00:13:04.200 In contrast, with a DFA, we can only make one transition for each input character.
00:13:10.740 Thus, a DFA operates at linear speed since it processes characters once, unlike an NFA which may backtrack.
00:13:17.160 This addition of backtracking leads to exponential time performance issues.
00:13:22.740 Ultimately, we still observe logarithmic growth while the performance of Truffle Ruby remains linear, providing efficiency.
00:13:29.940 Despite segmented expressions being equally expressive, Ruby's reliance on NFA causes backtracking complications.
00:13:36.540 Consequently, in Truffle Ruby, if we have a pattern that does not match, the engine switches, improving efficiency.
00:13:43.260 Given that our Rails applications are dynamic, they often handle user-generated input.
00:13:50.160 Whether via form submission or API calls, allowing the wrong kind of input can trigger ReDoS attacks.
00:13:57.780 Thus, it’s critical never to allow user input to create a regular expression.
00:14:05.220 For those instances where you must validate input using regular expressions, ensure you're truncating inputs adequately.
00:14:11.040 While front-end validation can help, malicious users can bypass it, reiterating the necessity of back-end safeguarding.

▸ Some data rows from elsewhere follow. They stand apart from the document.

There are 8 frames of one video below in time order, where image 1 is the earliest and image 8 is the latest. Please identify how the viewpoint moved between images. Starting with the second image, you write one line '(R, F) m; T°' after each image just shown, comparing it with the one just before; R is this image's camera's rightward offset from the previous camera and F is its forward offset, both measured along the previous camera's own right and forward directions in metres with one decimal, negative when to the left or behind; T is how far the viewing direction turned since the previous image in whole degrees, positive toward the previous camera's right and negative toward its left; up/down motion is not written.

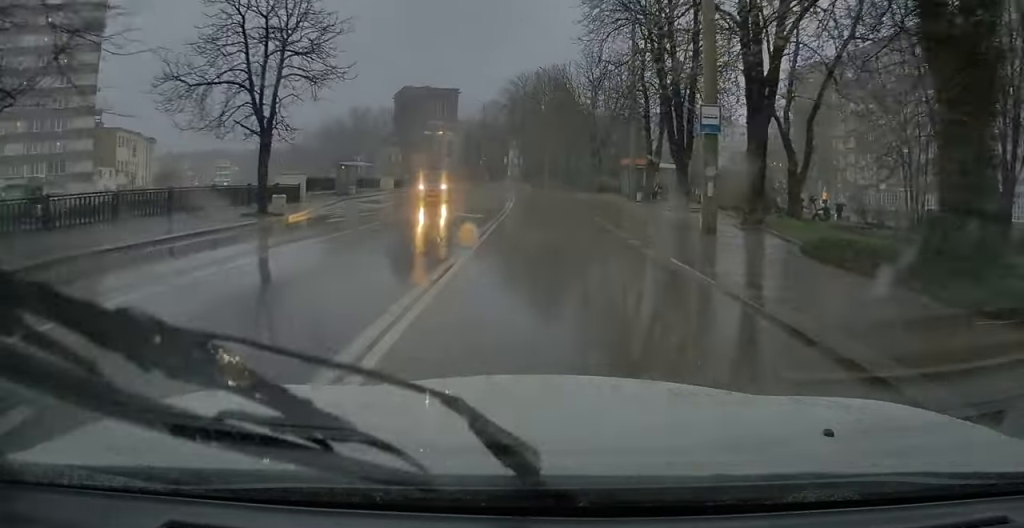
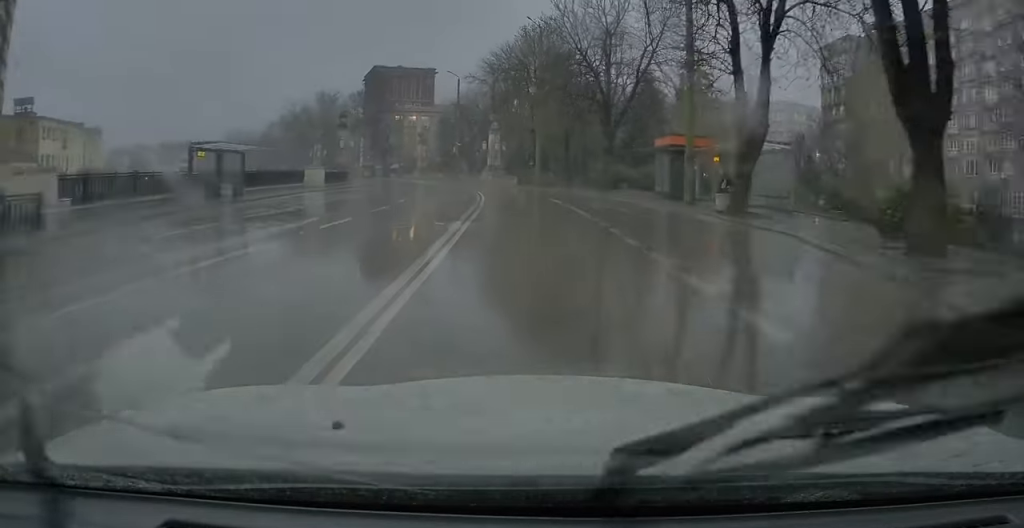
(0.0, +15.3) m; +1°
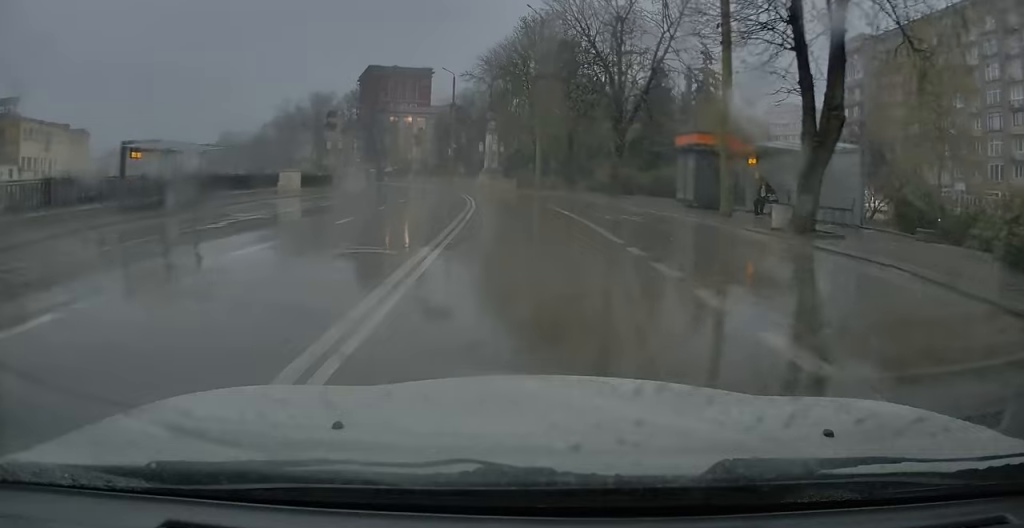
(-0.1, +4.5) m; +1°
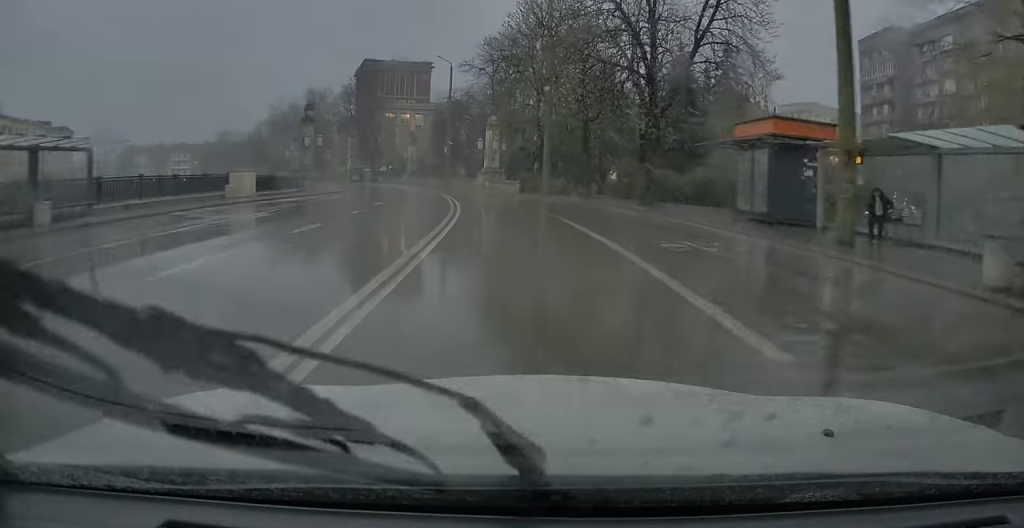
(+0.2, +7.4) m; 0°
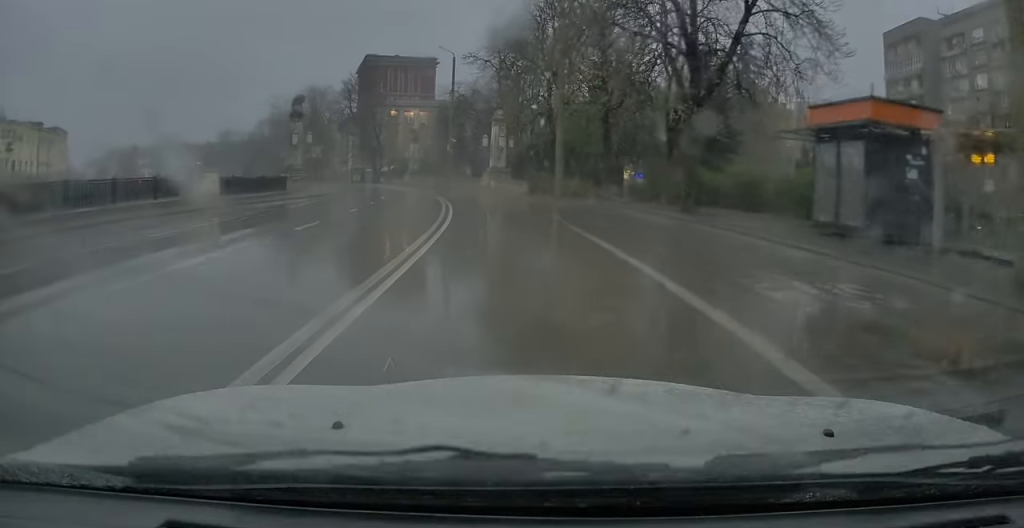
(+0.1, +5.0) m; 0°
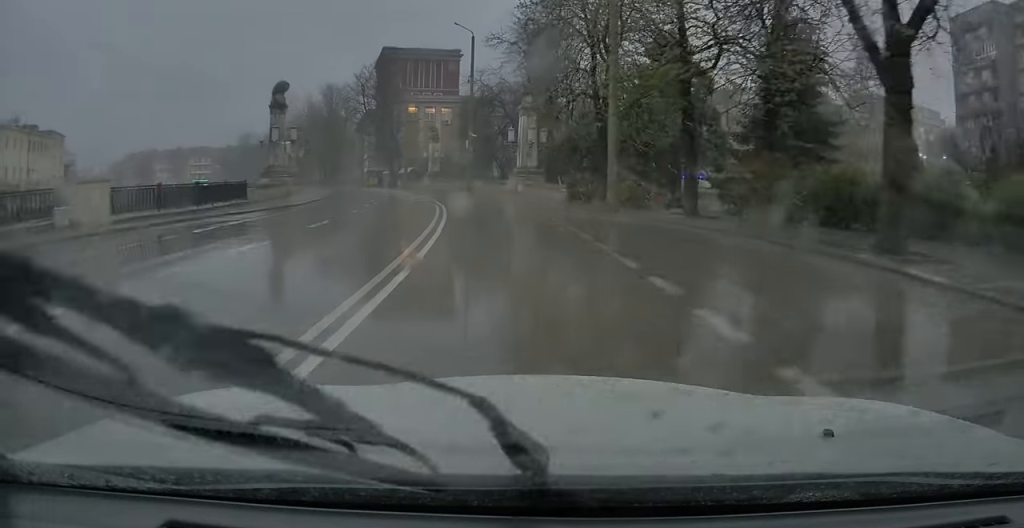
(-0.2, +9.8) m; -2°
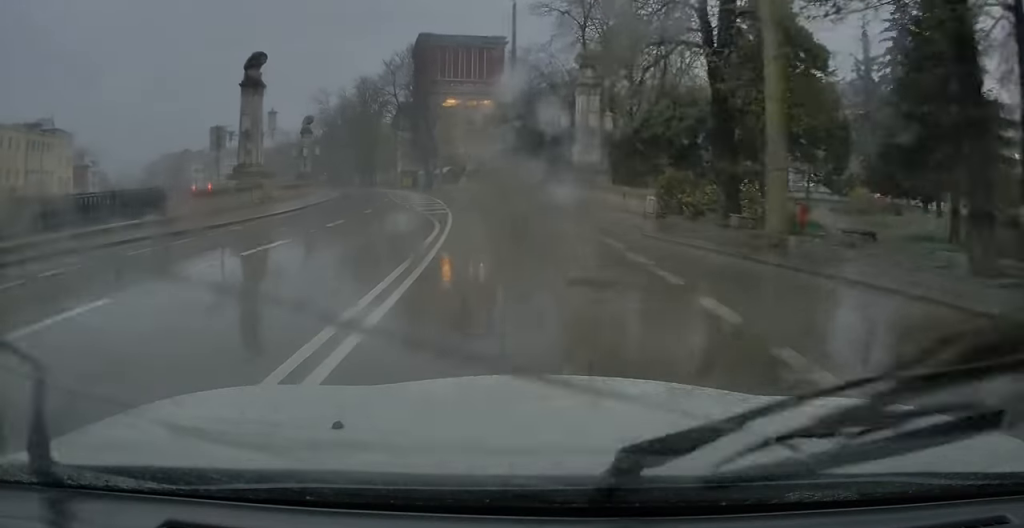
(-0.2, +11.1) m; -4°
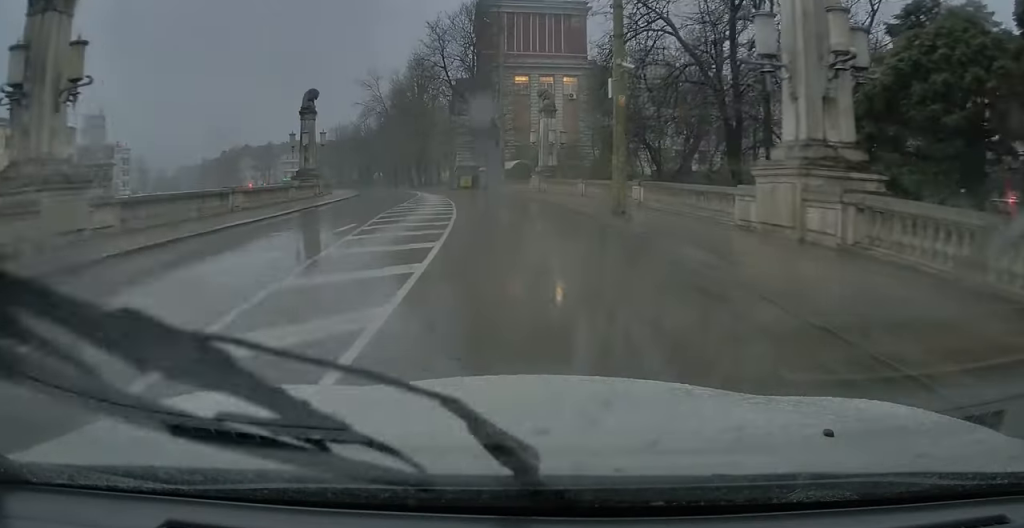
(-1.7, +19.9) m; -8°

00:14:18.840 This is what was implemented in some Ruby versions when patterns became problematic.
00:14:25.740 As a proactive measure, regular updates of Ruby and Rails address known vulnerabilities, particularly those posing ReDoS threats.
00:14:32.820 Due to open-source technology usage, attackers may have an upper hand as they can easily analyze your regular expressions.

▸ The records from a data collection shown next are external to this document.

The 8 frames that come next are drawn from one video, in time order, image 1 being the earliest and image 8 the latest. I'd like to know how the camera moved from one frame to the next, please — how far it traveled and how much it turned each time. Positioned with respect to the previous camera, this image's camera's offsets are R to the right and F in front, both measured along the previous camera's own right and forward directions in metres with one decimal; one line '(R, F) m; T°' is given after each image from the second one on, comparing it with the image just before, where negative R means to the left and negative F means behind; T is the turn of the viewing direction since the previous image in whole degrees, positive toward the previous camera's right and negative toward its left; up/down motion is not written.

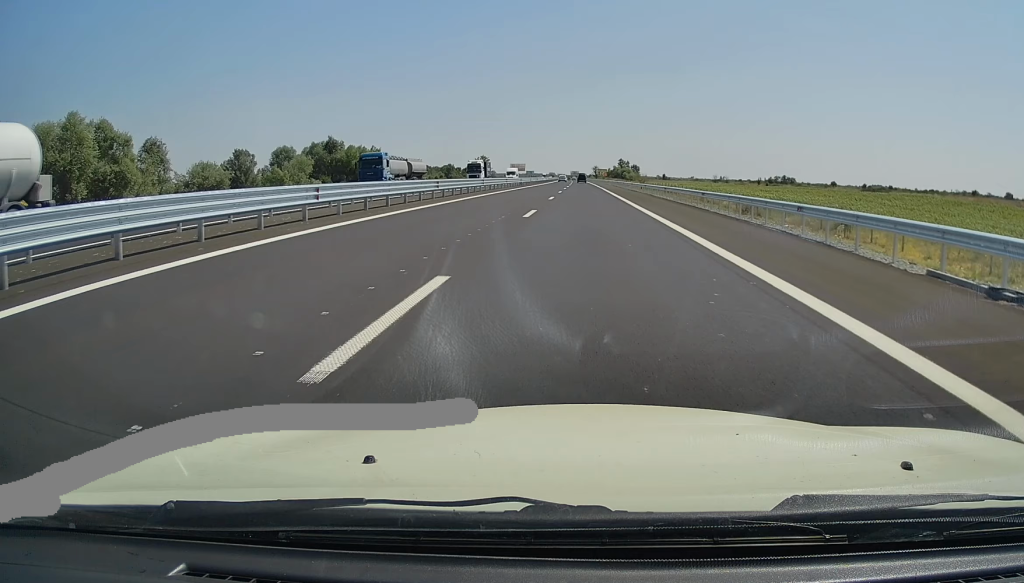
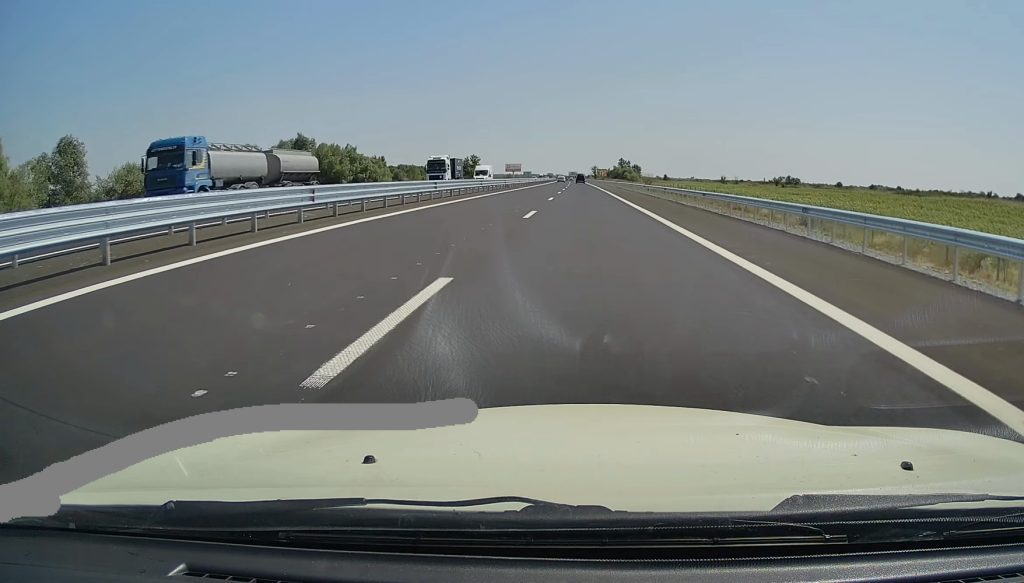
(+0.1, +16.4) m; 0°
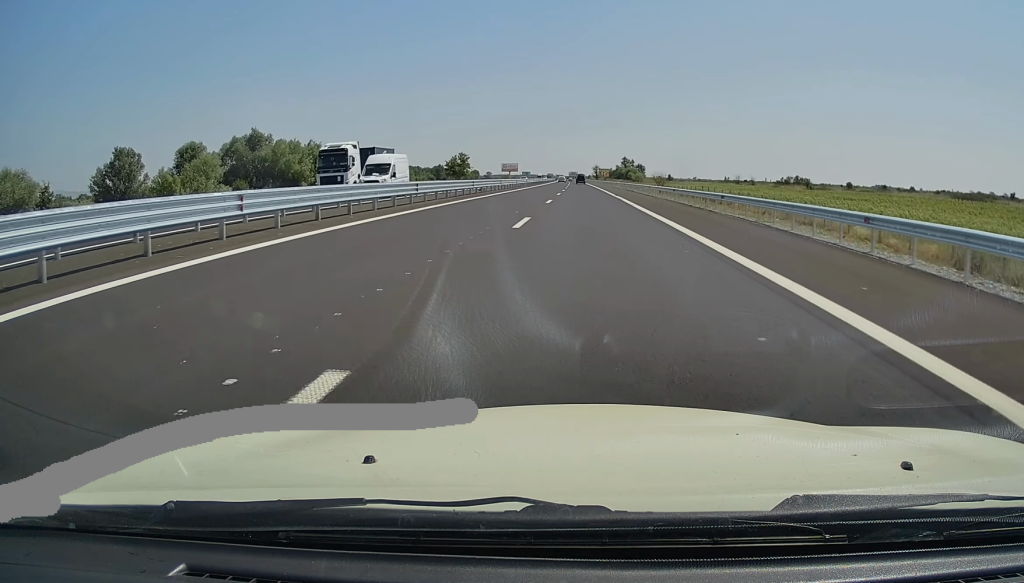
(0.0, +20.2) m; 0°
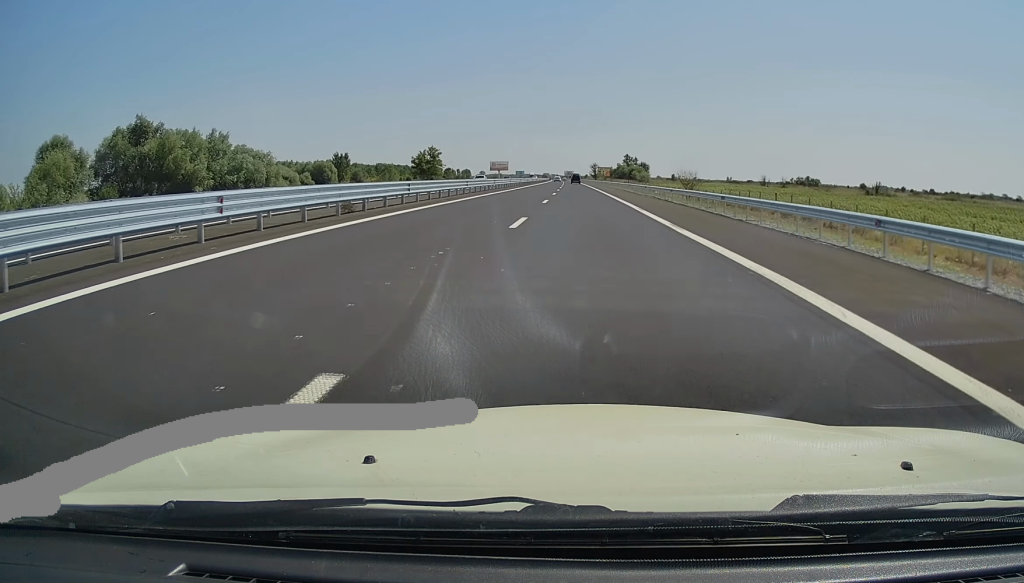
(0.0, +32.6) m; 0°
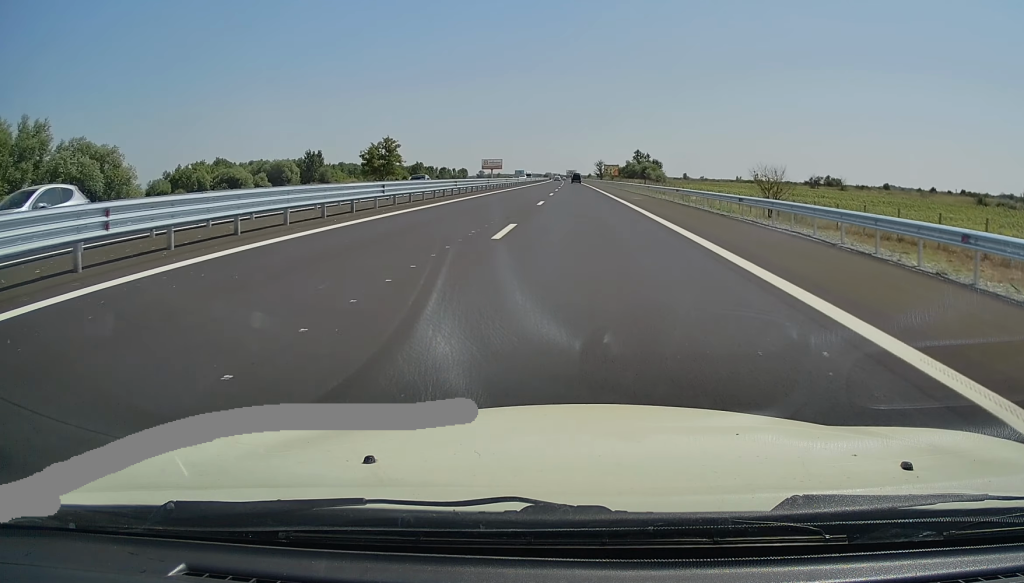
(0.0, +35.4) m; 0°
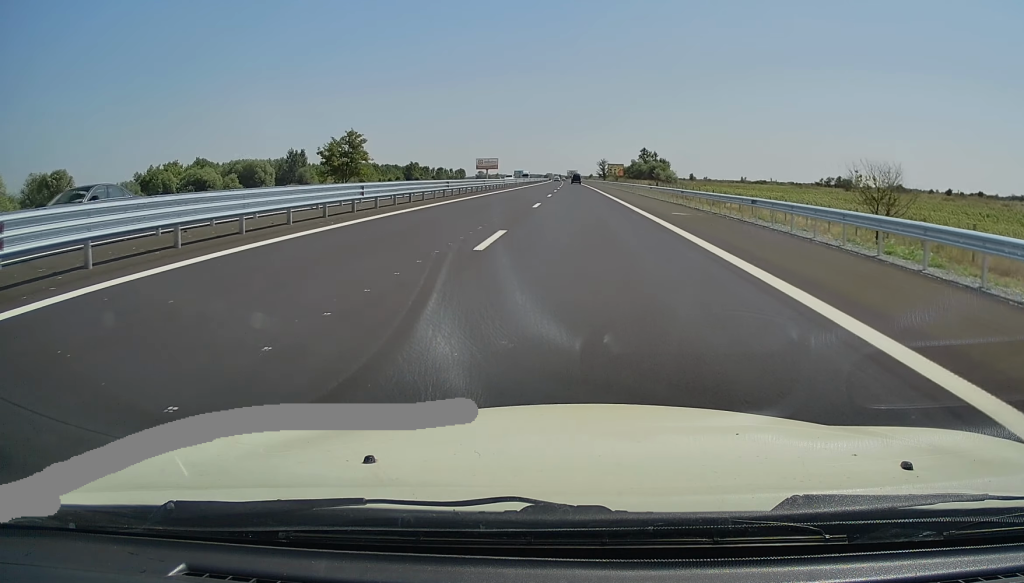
(0.0, +18.2) m; 0°
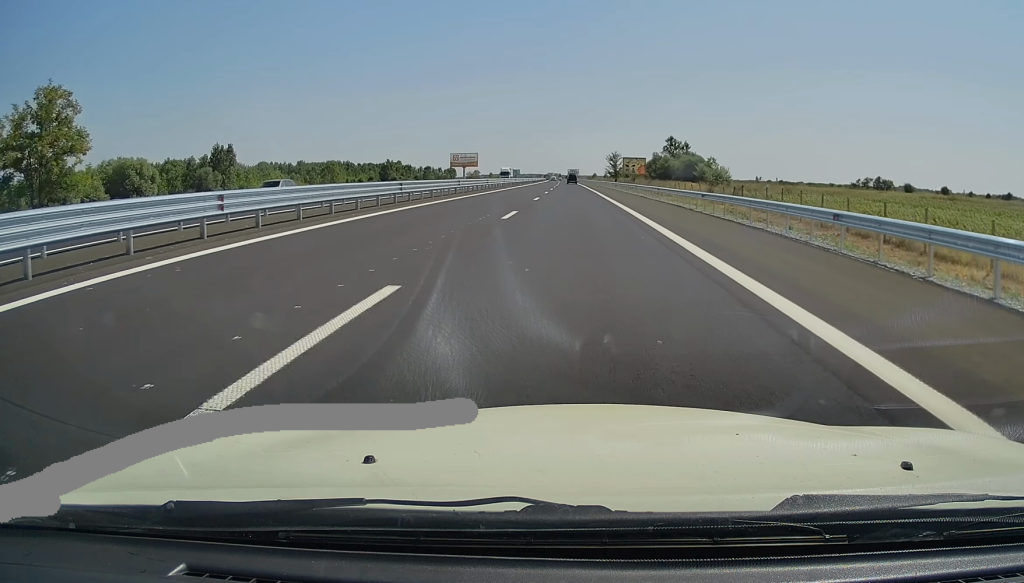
(-0.1, +56.8) m; -1°
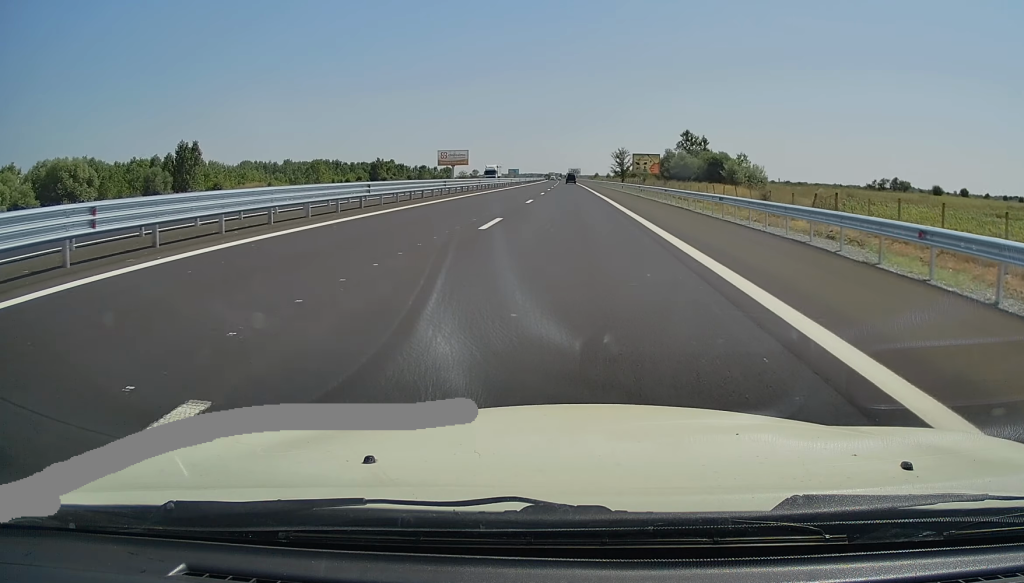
(-0.3, +20.3) m; 0°

00:14:39.720 Therefore, there’s ongoing work to monitor and detect which regex patterns may be exploitable.
00:14:46.800 Ruby 3.2, which isn’t released yet, introduces timeout limits for regex executions, either globally or on a case-by-case basis.
00:14:54.600 With an understanding of regular expression denial of service attacks and how they can spiral into prolonged processing, let's think like an attacker.
00:15:02.160 Identifying different ways to craft patterns that could origin a denial of service attack is critical.
00:15:08.880 Avoid nested quantifiers, and if possible, limit backtracking by controlling how many times elements can repeat.
00:15:15.960 If you're structuring groups, consider using Atomic grouping to minimize backtracking.
00:15:23.040 Be mindful of your matching pattern's potential to elicit exponential backtracking—they're sneaky and worth vigilance.
00:15:29.880 We made it through! This has been a substantive look into regex denial of service attacks.
00:15:36.180 For those familiar with algorithmic complexity, I hope this has provided additional insight and practical understanding.
00:15:43.680 Understanding performance without solely relying on benchmarking can help you address vulnerabilities more accurately.
00:15:50.760 I hope this presentation helps reduce some of the mystery surrounding regular expression engines and their vulnerabilities.
00:15:56.760 Finally, I've compiled a list of helpful resources on the topic that will be available in the slides after this talk.
00:16:02.760 For a more in-depth look at what regex engines do, check out the Russ Cox article.
00:16:09.360 My colleague Kevin Newton created a regular expression engine in Ruby, a project from our Shopify hack days.
00:16:15.060 You can also explore T-Rex, the DFA-based regular expression engine used for Truffle Ruby.
00:16:21.480 Thank you all for your time, and I look forward to any questions you may have.